Plasmid sequencing and bioinformatics analyses
To gain further understanding of the genetic features of these mobile resistance elements, plasmids recovered from both parental strains (Sa21 and Sa27) and their corresponding transconjugants were subjected to complete sequencing using both the Illumina and PacBio RSII single-molecule real-time (SMRT) sequencing platforms. The Illumina paired-end libraries were constructed with the NEBNext Ultra DNA Library Prep Kit for Illumina (NEB) and sequenced on an Illumina NextSeq 500 platform. SMRT sequencing was performed at Wuhan Institute of Biotechnology, China. De novo assemblies of PacBio RSII reads and Illumina reads were performed by the hierarchical genome assembly process (HGAP, Pacific Biosciences) and the CLC Genomics Workbench (CLC bio, Denmark) respectively. Long assembled contigs obtained from PacBio reads were used to align and join the contigs obtained from the Illumina assembly results. The completed plasmid sequence was confirmed by PCR and then annotated with the RAST tool [18] and the NCBI Prokaryotic Genome Annotation Pipeline (PGAP). Each plasmid was sequenced using both Illumina and PacBio platforms and only high-quality data were used for further analysis.

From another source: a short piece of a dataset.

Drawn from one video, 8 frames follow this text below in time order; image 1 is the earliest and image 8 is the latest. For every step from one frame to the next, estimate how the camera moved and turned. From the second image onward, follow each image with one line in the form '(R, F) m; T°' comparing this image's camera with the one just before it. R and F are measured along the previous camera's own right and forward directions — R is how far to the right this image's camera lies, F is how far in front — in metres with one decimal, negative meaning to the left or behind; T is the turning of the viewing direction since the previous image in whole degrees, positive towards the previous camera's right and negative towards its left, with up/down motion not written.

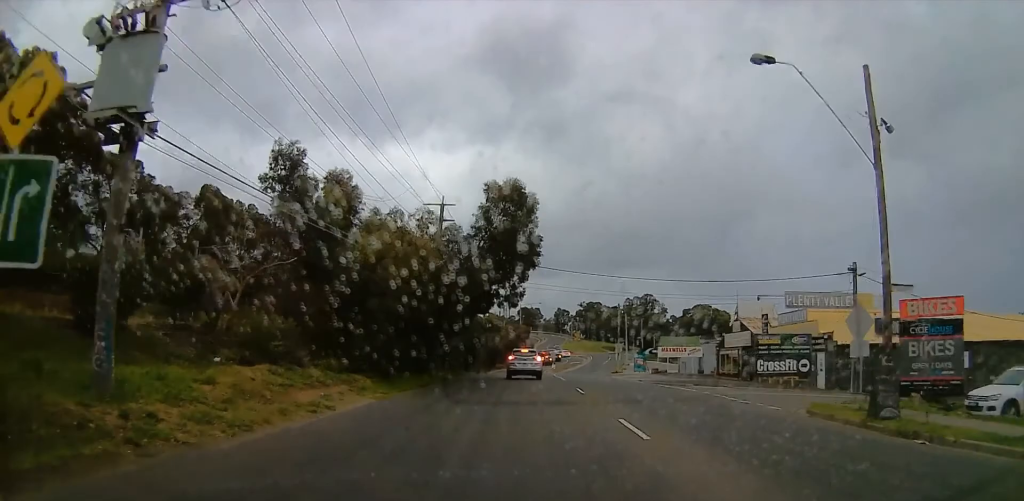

Screening of specific types of plasmids in clinical Salmonella isolates
Based on the sequences of Incl1 plasmid, one set of primers, Incl1F-TCCTGATTTCATCCACGGCAA and Incl1R- AGGGACATTATTTGCCCGCT, was designed and used to screen for the presence of Incl1 type of plasmid in clinical Salmonella isolates using PCR assay.
Results
Ciprofloxacin resistance mediated by conjugative plasmids in Salmonella
In our previous study, a total of 157 non-repeated Salmonella isolates were recovered from 348 meat samples [16]. Among the 55 CipRSalmonella isolates, 14 were able to transfer their ciprofloxacin resistance phenotype to E. coli strain J53(AZIR). S1-PFGE was performed on these 14 Salmonella isolates and their transconjugants. Five out of the 14 Salmonella strains were found to carry two plasmids of different sizes, while only one larger size plasmid was detectable in the transconjugants (Figure 1, Table 1). These five Salmonella isolates were then further characterized in this study. Among these five Salmonella strains, four belonged to the serotype Derby and shared identical PFGE profile [16] and one was Agona. MIC of ciprofloxacin of the donor strains and the E. coli transconjugants was either identical to, or 2–4 folds less than that of the parental strains (Table 1). However, when the conjugative plasmids recovered from E. coli J53 transconjugants were transferred back to a ciprofloxacin-susceptible (CipS) Salmonella strain, namely S. London Sa48, a CIP MIC level, which equalled that of the parent Salmonella carrying the test plasmid was recorded, suggesting that these conjugative plasmids could mediate slightly higher MIC in Salmonella than in E. coli (Table 1). We then tested if temperature could affect the conjugation efficiency of these ciprofloxacin resistance plasmids, with results showing that at 37°C and 42°C, the conjugation efficiency of plasmids in strain Sa21 were 2.4 × 10−5 and 1.95 × 10−5, respectively; and those of plasmids in strain Sa27 were 7 × 10−6 and 2 × 10−7, respectively. To gain further understanding of the genetic features of these mobile resistance elements, complete sequences of the plasmids recovered from both parental strains (Sa21 and Sa27) and their transconjugants were obtained.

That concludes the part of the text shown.